Elaboré par des spécialistes du charançon rouge du palmier du monde entier et par d’autres organisations, avec le soutien de la FAO, du CIHEAM et de l’Organisation pour la protection des végétaux au Proche-Orient (NEPPO), « le nouveau cadre de travail vise à apporter une assistance et des conseils techniques en vue d’améliorer les programmes nationaux de contrôle et de renforcer la plateforme interrégionale pour la coopération et la coordination », a indiqué la FAO dans un communiqué.
A en croire l’agence onusienne, le coléoptère destructeur menacerait 40 espèces de palmier à travers le monde. Le ravageur toucherait particulièrement trois espèces : le cocotier, le palmier dattier et le palmier dattier d’ornement des îles Canaries.
Pour le directeur général de la FAO, José Graziano da Silva, il est devenu une menace mondiale et « exige une stratégie mondiale afin de l’éradiquer.»
Dans un document publié sur son portail officiel, la FAO a rappelé que les facteurs contribuant la propagation du ravageur ont été détectés tardivement chez les palmiers infestés.
Pour l’organisation, les raisons de cette propagation sont connues : l’absence de contrôle et le manque de participation des producteurs de dattes et de noix de coco. A cela s’ajoute, « une évaluation incomplète des risques, des quelques ennemis naturels du ravageur, des difficultés à gérer les nombreux pièges à travers les réseaux oasiens, de mesures de quarantaine laxistes, d’une mauvaise gestion des arbres infestés et de la difficulté à contrôler le ravageur dans les zones privées et les petits jardins familiaux », a-t-il noté.
Selon la FAO, « une gestion intégrée du ravageur implique une formation des agriculteurs, des contrôles réguliers, des pièges à phéromones, un suivi des infestations, le retrait des arbres très infestés, des mesures de quarantaine strictes et le suivi des progrès réalisés dans le cadre de cette approche intégrée », peut-on lire sur son portail.

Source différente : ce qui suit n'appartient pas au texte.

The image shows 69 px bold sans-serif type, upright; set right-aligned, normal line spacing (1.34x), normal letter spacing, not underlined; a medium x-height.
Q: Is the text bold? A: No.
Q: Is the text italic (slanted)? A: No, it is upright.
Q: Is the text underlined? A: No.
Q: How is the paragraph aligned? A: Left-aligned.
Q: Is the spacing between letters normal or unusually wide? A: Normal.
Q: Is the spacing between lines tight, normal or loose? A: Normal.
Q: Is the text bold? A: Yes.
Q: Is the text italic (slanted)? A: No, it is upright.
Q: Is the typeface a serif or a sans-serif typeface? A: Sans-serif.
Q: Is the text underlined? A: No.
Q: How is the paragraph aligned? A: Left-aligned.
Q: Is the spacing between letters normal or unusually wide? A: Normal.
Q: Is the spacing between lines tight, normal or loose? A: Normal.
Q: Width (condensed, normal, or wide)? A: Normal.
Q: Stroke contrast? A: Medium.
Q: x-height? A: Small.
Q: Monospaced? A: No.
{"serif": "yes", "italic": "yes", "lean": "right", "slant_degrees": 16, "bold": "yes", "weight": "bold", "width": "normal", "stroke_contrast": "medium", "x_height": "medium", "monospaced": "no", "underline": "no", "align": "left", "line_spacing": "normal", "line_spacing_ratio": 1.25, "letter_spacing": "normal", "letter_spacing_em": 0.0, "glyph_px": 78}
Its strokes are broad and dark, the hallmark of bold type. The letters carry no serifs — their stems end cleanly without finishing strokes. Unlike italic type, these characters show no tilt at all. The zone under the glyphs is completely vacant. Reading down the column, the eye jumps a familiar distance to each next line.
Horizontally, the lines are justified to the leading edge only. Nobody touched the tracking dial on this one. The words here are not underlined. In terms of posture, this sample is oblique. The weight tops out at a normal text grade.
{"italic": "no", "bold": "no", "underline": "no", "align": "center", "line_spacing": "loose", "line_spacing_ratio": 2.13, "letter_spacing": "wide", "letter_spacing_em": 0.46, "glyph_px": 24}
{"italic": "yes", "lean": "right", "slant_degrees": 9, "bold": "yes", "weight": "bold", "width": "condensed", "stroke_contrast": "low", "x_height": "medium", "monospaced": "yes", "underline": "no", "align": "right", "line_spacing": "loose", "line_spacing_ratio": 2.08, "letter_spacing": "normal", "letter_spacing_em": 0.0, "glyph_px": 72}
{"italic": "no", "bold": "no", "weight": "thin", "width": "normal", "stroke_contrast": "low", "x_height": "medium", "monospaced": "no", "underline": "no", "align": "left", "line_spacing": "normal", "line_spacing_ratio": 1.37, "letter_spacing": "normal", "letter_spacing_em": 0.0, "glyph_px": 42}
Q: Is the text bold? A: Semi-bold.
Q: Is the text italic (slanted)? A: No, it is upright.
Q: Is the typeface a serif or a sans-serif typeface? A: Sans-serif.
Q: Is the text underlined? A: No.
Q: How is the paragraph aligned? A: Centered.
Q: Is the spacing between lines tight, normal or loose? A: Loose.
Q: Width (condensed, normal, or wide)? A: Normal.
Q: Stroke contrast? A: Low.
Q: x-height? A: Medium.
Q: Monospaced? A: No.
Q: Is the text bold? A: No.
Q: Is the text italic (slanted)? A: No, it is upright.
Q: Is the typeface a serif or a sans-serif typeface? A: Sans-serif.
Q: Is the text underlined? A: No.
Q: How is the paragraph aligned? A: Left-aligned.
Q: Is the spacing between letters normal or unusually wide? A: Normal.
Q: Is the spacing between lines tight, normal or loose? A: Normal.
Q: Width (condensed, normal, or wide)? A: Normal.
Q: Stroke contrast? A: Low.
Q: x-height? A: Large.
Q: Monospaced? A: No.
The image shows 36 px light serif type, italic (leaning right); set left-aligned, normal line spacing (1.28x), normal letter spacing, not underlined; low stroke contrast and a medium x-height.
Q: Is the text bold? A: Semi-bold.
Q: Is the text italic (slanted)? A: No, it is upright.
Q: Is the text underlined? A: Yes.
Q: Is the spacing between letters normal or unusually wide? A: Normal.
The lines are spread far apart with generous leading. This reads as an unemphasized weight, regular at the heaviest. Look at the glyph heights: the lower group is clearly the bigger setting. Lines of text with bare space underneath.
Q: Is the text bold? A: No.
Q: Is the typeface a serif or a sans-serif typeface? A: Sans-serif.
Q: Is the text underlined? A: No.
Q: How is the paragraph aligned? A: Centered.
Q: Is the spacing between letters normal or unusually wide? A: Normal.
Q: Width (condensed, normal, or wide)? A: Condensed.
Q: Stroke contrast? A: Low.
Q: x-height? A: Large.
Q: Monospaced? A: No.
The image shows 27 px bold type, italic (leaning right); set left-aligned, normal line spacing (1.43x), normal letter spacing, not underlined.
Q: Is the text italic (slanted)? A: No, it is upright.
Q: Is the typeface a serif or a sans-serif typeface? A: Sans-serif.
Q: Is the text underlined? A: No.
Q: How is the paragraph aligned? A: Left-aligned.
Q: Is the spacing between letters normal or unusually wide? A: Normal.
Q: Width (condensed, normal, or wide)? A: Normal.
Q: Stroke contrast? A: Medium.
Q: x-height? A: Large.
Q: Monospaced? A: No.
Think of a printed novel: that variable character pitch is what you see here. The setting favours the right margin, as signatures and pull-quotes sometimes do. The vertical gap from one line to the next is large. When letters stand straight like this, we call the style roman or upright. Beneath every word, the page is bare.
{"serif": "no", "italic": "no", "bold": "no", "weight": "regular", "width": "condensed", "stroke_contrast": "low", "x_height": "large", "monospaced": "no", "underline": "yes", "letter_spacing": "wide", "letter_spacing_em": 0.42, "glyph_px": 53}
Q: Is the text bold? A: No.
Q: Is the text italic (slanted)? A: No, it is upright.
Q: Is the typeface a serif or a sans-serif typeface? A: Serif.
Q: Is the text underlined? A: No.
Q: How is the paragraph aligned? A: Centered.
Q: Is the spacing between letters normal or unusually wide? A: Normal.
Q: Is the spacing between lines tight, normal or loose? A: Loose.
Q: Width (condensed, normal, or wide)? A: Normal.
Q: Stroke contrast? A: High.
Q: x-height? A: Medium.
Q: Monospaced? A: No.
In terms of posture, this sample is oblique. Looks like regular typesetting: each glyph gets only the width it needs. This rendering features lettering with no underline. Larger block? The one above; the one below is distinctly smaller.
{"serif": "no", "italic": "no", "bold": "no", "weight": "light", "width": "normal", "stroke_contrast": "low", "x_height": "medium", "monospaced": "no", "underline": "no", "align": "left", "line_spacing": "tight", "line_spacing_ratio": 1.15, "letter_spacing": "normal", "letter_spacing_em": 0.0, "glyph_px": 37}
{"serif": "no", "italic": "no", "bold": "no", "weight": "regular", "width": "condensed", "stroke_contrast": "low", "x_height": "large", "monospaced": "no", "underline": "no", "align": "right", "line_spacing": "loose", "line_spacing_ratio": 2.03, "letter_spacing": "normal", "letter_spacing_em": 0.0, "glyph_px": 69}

Par ailleurs, l’organisation soutient que les agriculteurs peuvent se révéler être une ligne de défense très efficace et rentable. Dans ce sens qu’« ils peuvent contrôler régulièrement les arbres pour détecter les ravageurs à un stade précoce de l’attaque, lorsqu’un arbre a encore des chances d’être sauvé, et installer des pièges ou pulvériser des produits ».
Pour s’en convaincre, l’agence se réfère à une étude menée en Arabie saoudite et dontles conclusions ont montré que le taux d’infestation, évalué à 7%, avait chuté pour atteindre les 0,15% en l’espace d’un an lorsque des contrôles hebdomadaires avaient été effectués.
A noter qu’en Mauritanie, la détection du ravageur dans un oasis a entraîné une réaction rapide du gouvernement qui, avec l’aide de la FAO, a mis en œuvre une stratégie intégrée de gestion du ravageur, avec comme pierre angulaire les agriculteurs et les coopératives d’agriculteurs. Résultat : « le ravageur a réussi à être contenu et ne s’est pas propagé au-delà de la zone d’origine d’infestation au cours de ces six derniers mois », a constaté la FAO assurant que la zone sera probablement déclarée libérée du ravageursi les actions de contrôle se poursuivent.
Enfin la FAO a fait remarquer que dans certains pays touchés, les agriculteurs ont installé sur leurs téléphones des applications de groupe afin de partager les informations et alertes.